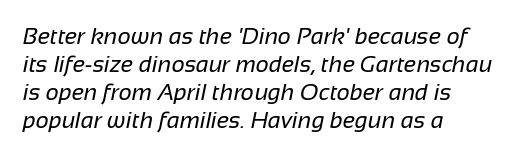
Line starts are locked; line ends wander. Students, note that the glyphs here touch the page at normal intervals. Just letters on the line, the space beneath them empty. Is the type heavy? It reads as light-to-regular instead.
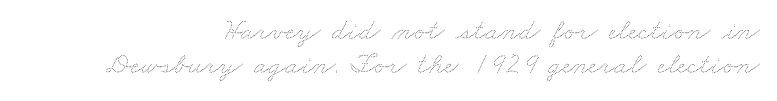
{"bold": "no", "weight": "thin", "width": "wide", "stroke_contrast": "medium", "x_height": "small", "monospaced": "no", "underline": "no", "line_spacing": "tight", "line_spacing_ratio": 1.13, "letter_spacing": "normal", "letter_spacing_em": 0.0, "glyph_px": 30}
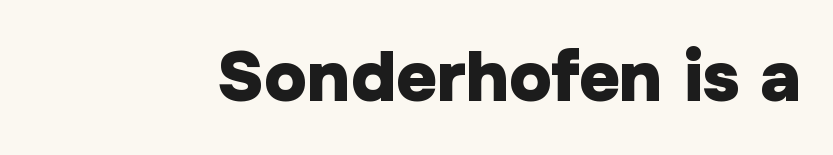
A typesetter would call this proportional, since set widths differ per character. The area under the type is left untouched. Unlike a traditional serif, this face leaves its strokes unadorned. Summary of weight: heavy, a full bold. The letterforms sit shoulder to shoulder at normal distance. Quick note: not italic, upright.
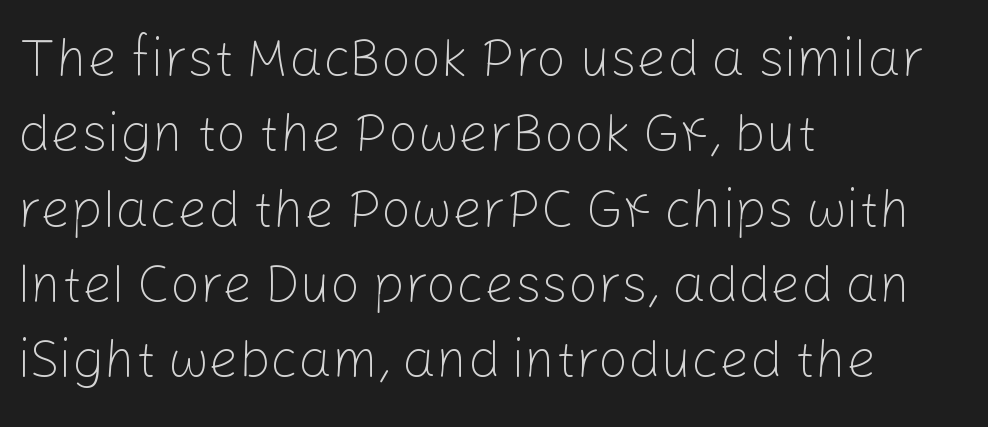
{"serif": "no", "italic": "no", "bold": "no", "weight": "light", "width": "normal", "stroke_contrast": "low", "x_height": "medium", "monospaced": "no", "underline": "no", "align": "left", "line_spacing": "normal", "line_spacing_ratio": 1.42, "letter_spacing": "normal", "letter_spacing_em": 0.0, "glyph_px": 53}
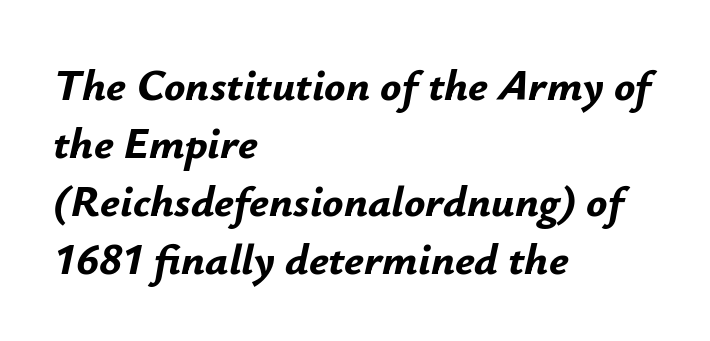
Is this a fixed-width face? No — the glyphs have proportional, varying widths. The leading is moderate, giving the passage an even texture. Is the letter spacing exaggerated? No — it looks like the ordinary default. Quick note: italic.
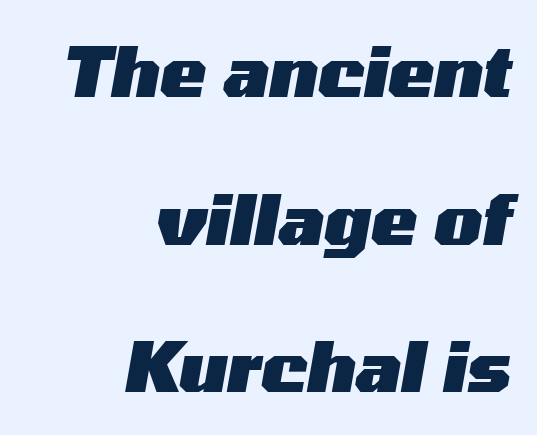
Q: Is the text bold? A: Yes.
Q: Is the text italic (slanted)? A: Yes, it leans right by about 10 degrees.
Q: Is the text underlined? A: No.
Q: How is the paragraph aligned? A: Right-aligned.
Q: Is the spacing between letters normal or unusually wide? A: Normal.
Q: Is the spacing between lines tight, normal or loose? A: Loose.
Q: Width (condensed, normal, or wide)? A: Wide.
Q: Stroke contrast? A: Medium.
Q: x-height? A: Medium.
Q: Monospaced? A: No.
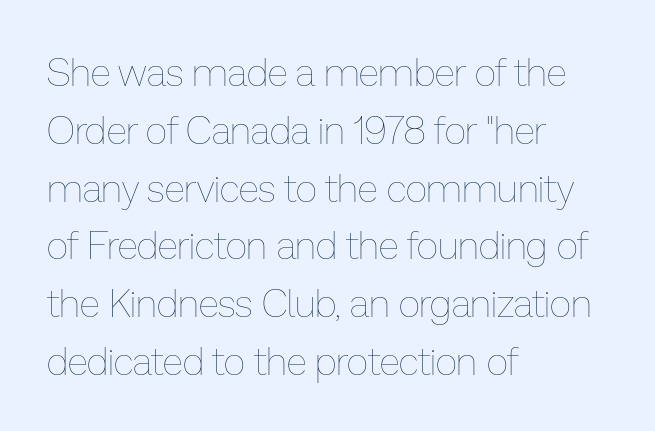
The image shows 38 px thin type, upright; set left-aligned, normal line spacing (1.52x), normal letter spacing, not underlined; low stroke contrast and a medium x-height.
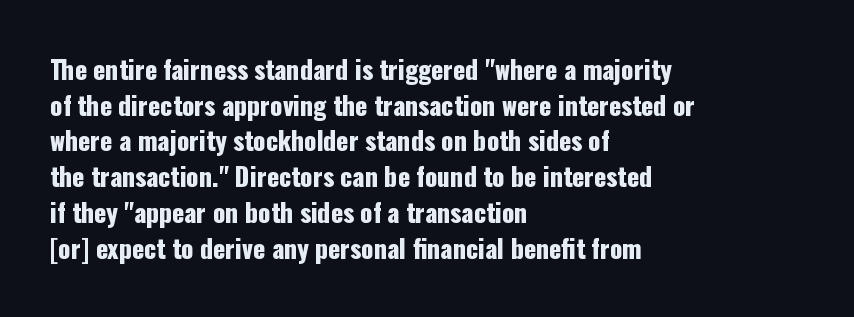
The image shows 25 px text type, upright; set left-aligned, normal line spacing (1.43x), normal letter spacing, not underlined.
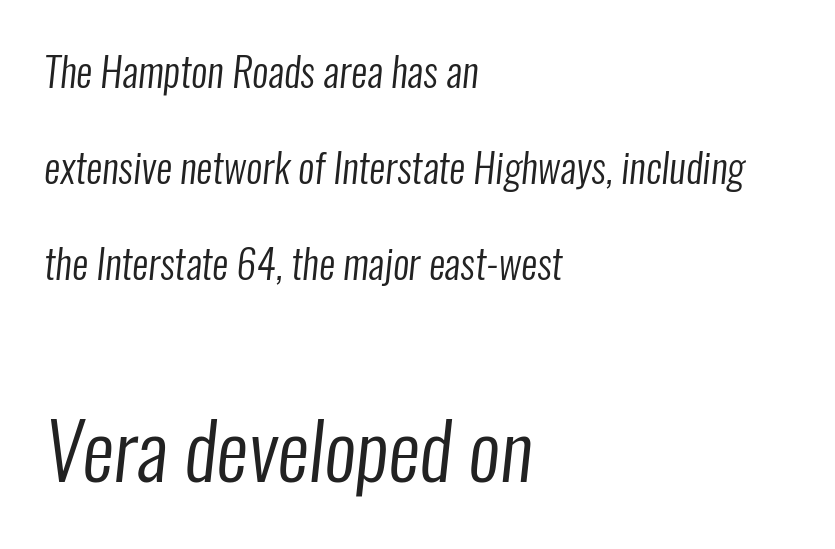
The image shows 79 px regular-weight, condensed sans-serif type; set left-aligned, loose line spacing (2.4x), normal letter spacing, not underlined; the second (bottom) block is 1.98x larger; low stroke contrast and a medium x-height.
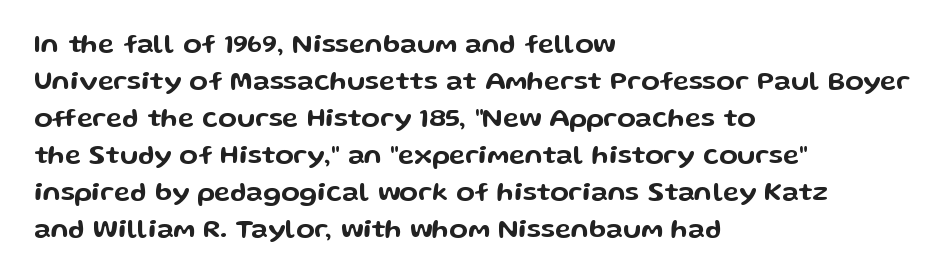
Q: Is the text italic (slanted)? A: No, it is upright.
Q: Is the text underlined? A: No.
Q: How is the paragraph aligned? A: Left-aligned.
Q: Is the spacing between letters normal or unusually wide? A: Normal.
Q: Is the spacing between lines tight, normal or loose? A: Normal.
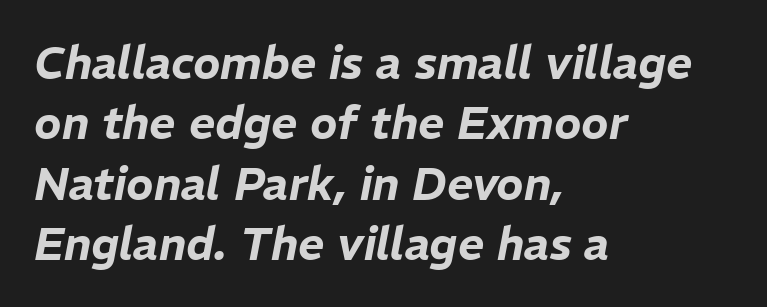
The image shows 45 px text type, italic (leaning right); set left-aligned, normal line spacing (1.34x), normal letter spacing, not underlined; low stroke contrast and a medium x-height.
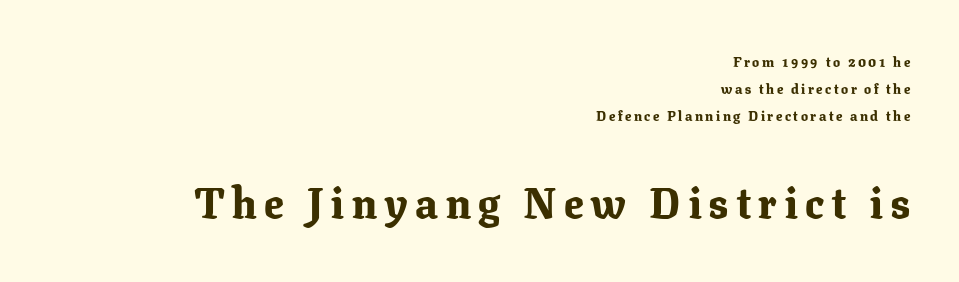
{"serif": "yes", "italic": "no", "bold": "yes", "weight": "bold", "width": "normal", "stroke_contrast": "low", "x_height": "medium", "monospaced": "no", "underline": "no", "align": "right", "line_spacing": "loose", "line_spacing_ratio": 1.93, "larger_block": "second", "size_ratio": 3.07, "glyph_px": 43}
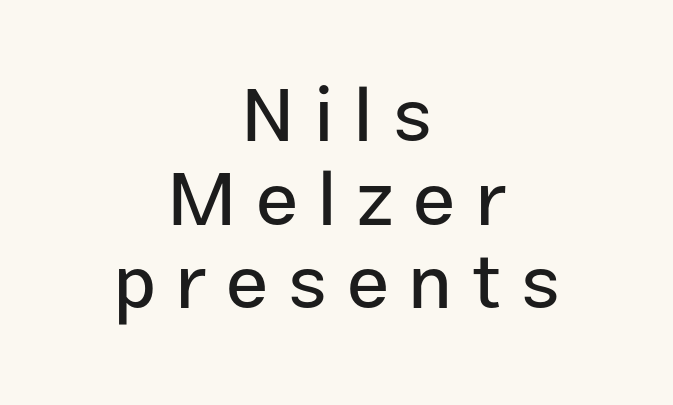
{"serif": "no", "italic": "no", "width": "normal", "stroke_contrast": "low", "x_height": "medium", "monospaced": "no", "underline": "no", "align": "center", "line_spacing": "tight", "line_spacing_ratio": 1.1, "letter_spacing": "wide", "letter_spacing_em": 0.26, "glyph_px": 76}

**What you have to do**
Copy, from the data above, every line where the word "aligned" appears.

**Exercise response**
Q: How is the paragraph aligned? A: Right-aligned.
The image shows 38 px thin type, upright; set left-aligned, normal line spacing (1.52x), normal letter spacing, not underlined; low stroke contrast and a medium x-height.
The image shows 25 px text type, upright; set left-aligned, normal line spacing (1.43x), normal letter spacing, not underlined.
The image shows 79 px regular-weight, condensed sans-serif type; set left-aligned, loose line spacing (2.4x), normal letter spacing, not underlined; the second (bottom) block is 1.98x larger; low stroke contrast and a medium x-height.
Q: How is the paragraph aligned? A: Left-aligned.
The image shows 45 px text type, italic (leaning right); set left-aligned, normal line spacing (1.34x), normal letter spacing, not underlined; low stroke contrast and a medium x-height.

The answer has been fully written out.